◆ Problem description
All entries below must be reproduced without a single change.

◆ Records from a dataset
= = = = = = =

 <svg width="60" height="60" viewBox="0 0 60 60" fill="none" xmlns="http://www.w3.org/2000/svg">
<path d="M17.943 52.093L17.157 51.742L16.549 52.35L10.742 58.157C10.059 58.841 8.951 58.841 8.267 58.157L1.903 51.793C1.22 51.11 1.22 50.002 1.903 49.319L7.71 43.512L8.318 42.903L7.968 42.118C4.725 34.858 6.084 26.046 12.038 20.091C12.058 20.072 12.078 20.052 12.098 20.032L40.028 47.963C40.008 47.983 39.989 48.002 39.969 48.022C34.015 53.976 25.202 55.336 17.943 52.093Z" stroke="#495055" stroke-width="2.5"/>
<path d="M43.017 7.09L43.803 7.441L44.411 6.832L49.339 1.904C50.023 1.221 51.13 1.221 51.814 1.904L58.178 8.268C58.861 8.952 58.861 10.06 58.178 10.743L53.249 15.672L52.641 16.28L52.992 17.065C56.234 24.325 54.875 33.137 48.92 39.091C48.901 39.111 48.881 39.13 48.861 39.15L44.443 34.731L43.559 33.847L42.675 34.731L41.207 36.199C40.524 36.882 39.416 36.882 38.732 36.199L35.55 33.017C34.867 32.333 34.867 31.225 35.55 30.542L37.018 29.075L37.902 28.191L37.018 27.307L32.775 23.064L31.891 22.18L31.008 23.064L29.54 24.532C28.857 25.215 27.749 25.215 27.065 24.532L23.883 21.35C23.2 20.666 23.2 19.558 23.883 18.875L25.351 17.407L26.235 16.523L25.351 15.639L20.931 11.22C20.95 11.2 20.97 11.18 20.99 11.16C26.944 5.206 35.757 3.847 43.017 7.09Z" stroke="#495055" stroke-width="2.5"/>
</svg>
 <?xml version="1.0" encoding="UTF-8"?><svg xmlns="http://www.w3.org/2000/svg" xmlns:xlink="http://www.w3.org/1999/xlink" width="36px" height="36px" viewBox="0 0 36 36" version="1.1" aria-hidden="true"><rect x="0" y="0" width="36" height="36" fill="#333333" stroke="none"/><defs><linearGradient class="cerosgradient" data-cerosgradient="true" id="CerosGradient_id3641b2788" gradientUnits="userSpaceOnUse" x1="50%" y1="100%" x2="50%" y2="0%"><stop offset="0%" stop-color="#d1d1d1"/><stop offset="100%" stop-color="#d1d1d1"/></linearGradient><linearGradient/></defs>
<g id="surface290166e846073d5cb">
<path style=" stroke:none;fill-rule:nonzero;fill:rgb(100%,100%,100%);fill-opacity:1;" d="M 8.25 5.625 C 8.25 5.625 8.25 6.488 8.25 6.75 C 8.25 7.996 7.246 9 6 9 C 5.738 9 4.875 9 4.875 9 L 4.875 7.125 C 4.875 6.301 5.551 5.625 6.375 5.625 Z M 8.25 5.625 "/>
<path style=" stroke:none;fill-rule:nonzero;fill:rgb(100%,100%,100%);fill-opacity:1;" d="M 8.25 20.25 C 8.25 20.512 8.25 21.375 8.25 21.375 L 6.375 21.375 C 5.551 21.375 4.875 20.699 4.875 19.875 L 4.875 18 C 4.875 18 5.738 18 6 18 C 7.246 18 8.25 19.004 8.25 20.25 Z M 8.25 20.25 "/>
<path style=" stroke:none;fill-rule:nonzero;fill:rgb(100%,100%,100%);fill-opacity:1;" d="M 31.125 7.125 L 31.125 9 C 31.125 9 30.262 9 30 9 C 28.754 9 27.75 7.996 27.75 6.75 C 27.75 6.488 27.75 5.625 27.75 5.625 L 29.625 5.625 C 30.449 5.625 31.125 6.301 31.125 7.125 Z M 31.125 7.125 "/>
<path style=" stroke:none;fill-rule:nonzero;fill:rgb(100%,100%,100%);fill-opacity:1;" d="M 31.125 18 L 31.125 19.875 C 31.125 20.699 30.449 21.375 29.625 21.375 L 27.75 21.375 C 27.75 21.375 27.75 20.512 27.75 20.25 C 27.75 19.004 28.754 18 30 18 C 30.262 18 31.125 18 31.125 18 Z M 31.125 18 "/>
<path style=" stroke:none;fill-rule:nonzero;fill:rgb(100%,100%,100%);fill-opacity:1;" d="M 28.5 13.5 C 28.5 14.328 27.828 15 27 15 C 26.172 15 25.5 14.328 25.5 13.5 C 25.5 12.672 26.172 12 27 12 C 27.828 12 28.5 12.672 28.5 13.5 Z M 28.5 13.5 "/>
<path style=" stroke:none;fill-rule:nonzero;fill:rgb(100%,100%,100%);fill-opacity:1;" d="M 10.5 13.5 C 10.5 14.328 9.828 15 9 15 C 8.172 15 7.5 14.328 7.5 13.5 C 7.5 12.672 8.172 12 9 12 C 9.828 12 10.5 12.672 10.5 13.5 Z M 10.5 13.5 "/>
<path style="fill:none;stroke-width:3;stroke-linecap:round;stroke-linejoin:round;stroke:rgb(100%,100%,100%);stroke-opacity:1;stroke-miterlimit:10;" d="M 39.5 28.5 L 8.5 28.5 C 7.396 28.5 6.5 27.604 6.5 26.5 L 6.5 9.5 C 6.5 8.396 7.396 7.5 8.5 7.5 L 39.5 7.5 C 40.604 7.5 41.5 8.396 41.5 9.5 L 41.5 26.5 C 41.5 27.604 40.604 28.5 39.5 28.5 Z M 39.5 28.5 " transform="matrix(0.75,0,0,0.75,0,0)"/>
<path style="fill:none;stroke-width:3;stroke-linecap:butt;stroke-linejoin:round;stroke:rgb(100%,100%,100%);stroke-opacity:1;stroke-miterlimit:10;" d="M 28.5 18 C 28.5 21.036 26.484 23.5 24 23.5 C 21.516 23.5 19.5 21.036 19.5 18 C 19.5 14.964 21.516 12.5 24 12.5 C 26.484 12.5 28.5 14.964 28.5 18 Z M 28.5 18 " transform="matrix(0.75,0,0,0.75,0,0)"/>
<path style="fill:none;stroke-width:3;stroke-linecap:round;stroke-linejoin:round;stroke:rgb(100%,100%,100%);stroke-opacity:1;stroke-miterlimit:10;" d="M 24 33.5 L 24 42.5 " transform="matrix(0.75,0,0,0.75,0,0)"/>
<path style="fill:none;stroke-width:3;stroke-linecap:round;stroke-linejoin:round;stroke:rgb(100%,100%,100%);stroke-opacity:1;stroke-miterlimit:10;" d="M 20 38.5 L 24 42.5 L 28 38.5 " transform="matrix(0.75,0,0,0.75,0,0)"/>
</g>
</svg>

= = = = = = =

◆ Solution below
 <svg width="60" height="60" viewBox="0 0 60 60" fill="none" xmlns="http://www.w3.org/2000/svg">
<path d="M17.943 52.093L17.157 51.742L16.549 52.35L10.742 58.157C10.059 58.841 8.951 58.841 8.267 58.157L1.903 51.793C1.22 51.11 1.22 50.002 1.903 49.319L7.71 43.512L8.318 42.903L7.968 42.118C4.725 34.858 6.084 26.046 12.038 20.091C12.058 20.072 12.078 20.052 12.098 20.032L40.028 47.963C40.008 47.983 39.989 48.002 39.969 48.022C34.015 53.976 25.202 55.336 17.943 52.093Z" stroke="#495055" stroke-width="2.5"/>
<path d="M43.017 7.09L43.803 7.441L44.411 6.832L49.339 1.904C50.023 1.221 51.13 1.221 51.814 1.904L58.178 8.268C58.861 8.952 58.861 10.06 58.178 10.743L53.249 15.672L52.641 16.28L52.992 17.065C56.234 24.325 54.875 33.137 48.92 39.091C48.901 39.111 48.881 39.13 48.861 39.15L44.443 34.731L43.559 33.847L42.675 34.731L41.207 36.199C40.524 36.882 39.416 36.882 38.732 36.199L35.55 33.017C34.867 32.333 34.867 31.225 35.55 30.542L37.018 29.075L37.902 28.191L37.018 27.307L32.775 23.064L31.891 22.18L31.008 23.064L29.54 24.532C28.857 25.215 27.749 25.215 27.065 24.532L23.883 21.35C23.2 20.666 23.2 19.558 23.883 18.875L25.351 17.407L26.235 16.523L25.351 15.639L20.931 11.22C20.95 11.2 20.97 11.18 20.99 11.16C26.944 5.206 35.757 3.847 43.017 7.09Z" stroke="#495055" stroke-width="2.5"/>
</svg>
 <?xml version="1.0" encoding="UTF-8"?><svg xmlns="http://www.w3.org/2000/svg" xmlns:xlink="http://www.w3.org/1999/xlink" width="36px" height="36px" viewBox="0 0 36 36" version="1.1" aria-hidden="true"><rect x="0" y="0" width="36" height="36" fill="#333333" stroke="none"/><defs><linearGradient class="cerosgradient" data-cerosgradient="true" id="CerosGradient_id3641b2788" gradientUnits="userSpaceOnUse" x1="50%" y1="100%" x2="50%" y2="0%"><stop offset="0%" stop-color="#d1d1d1"/><stop offset="100%" stop-color="#d1d1d1"/></linearGradient><linearGradient/></defs>
<g id="surface290166e846073d5cb">
<path style=" stroke:none;fill-rule:nonzero;fill:rgb(100%,100%,100%);fill-opacity:1;" d="M 8.25 5.625 C 8.25 5.625 8.25 6.488 8.25 6.75 C 8.25 7.996 7.246 9 6 9 C 5.738 9 4.875 9 4.875 9 L 4.875 7.125 C 4.875 6.301 5.551 5.625 6.375 5.625 Z M 8.25 5.625 "/>
<path style=" stroke:none;fill-rule:nonzero;fill:rgb(100%,100%,100%);fill-opacity:1;" d="M 8.25 20.25 C 8.25 20.512 8.25 21.375 8.25 21.375 L 6.375 21.375 C 5.551 21.375 4.875 20.699 4.875 19.875 L 4.875 18 C 4.875 18 5.738 18 6 18 C 7.246 18 8.25 19.004 8.25 20.25 Z M 8.25 20.25 "/>
<path style=" stroke:none;fill-rule:nonzero;fill:rgb(100%,100%,100%);fill-opacity:1;" d="M 31.125 7.125 L 31.125 9 C 31.125 9 30.262 9 30 9 C 28.754 9 27.75 7.996 27.75 6.75 C 27.75 6.488 27.75 5.625 27.75 5.625 L 29.625 5.625 C 30.449 5.625 31.125 6.301 31.125 7.125 Z M 31.125 7.125 "/>
<path style=" stroke:none;fill-rule:nonzero;fill:rgb(100%,100%,100%);fill-opacity:1;" d="M 31.125 18 L 31.125 19.875 C 31.125 20.699 30.449 21.375 29.625 21.375 L 27.75 21.375 C 27.75 21.375 27.75 20.512 27.75 20.25 C 27.75 19.004 28.754 18 30 18 C 30.262 18 31.125 18 31.125 18 Z M 31.125 18 "/>
<path style=" stroke:none;fill-rule:nonzero;fill:rgb(100%,100%,100%);fill-opacity:1;" d="M 28.5 13.5 C 28.5 14.328 27.828 15 27 15 C 26.172 15 25.5 14.328 25.5 13.5 C 25.5 12.672 26.172 12 27 12 C 27.828 12 28.5 12.672 28.5 13.5 Z M 28.5 13.5 "/>
<path style=" stroke:none;fill-rule:nonzero;fill:rgb(100%,100%,100%);fill-opacity:1;" d="M 10.5 13.5 C 10.5 14.328 9.828 15 9 15 C 8.172 15 7.5 14.328 7.5 13.5 C 7.5 12.672 8.172 12 9 12 C 9.828 12 10.5 12.672 10.5 13.5 Z M 10.5 13.5 "/>
<path style="fill:none;stroke-width:3;stroke-linecap:round;stroke-linejoin:round;stroke:rgb(100%,100%,100%);stroke-opacity:1;stroke-miterlimit:10;" d="M 39.5 28.5 L 8.5 28.5 C 7.396 28.5 6.5 27.604 6.5 26.5 L 6.5 9.5 C 6.5 8.396 7.396 7.5 8.5 7.5 L 39.5 7.5 C 40.604 7.5 41.5 8.396 41.5 9.5 L 41.5 26.5 C 41.5 27.604 40.604 28.5 39.5 28.5 Z M 39.5 28.5 " transform="matrix(0.75,0,0,0.75,0,0)"/>
<path style="fill:none;stroke-width:3;stroke-linecap:butt;stroke-linejoin:round;stroke:rgb(100%,100%,100%);stroke-opacity:1;stroke-miterlimit:10;" d="M 28.5 18 C 28.5 21.036 26.484 23.5 24 23.5 C 21.516 23.5 19.5 21.036 19.5 18 C 19.5 14.964 21.516 12.5 24 12.5 C 26.484 12.5 28.5 14.964 28.5 18 Z M 28.5 18 " transform="matrix(0.75,0,0,0.75,0,0)"/>
<path style="fill:none;stroke-width:3;stroke-linecap:round;stroke-linejoin:round;stroke:rgb(100%,100%,100%);stroke-opacity:1;stroke-miterlimit:10;" d="M 24 33.5 L 24 42.5 " transform="matrix(0.75,0,0,0.75,0,0)"/>
<path style="fill:none;stroke-width:3;stroke-linecap:round;stroke-linejoin:round;stroke:rgb(100%,100%,100%);stroke-opacity:1;stroke-miterlimit:10;" d="M 20 38.5 L 24 42.5 L 28 38.5 " transform="matrix(0.75,0,0,0.75,0,0)"/>
</g>
</svg>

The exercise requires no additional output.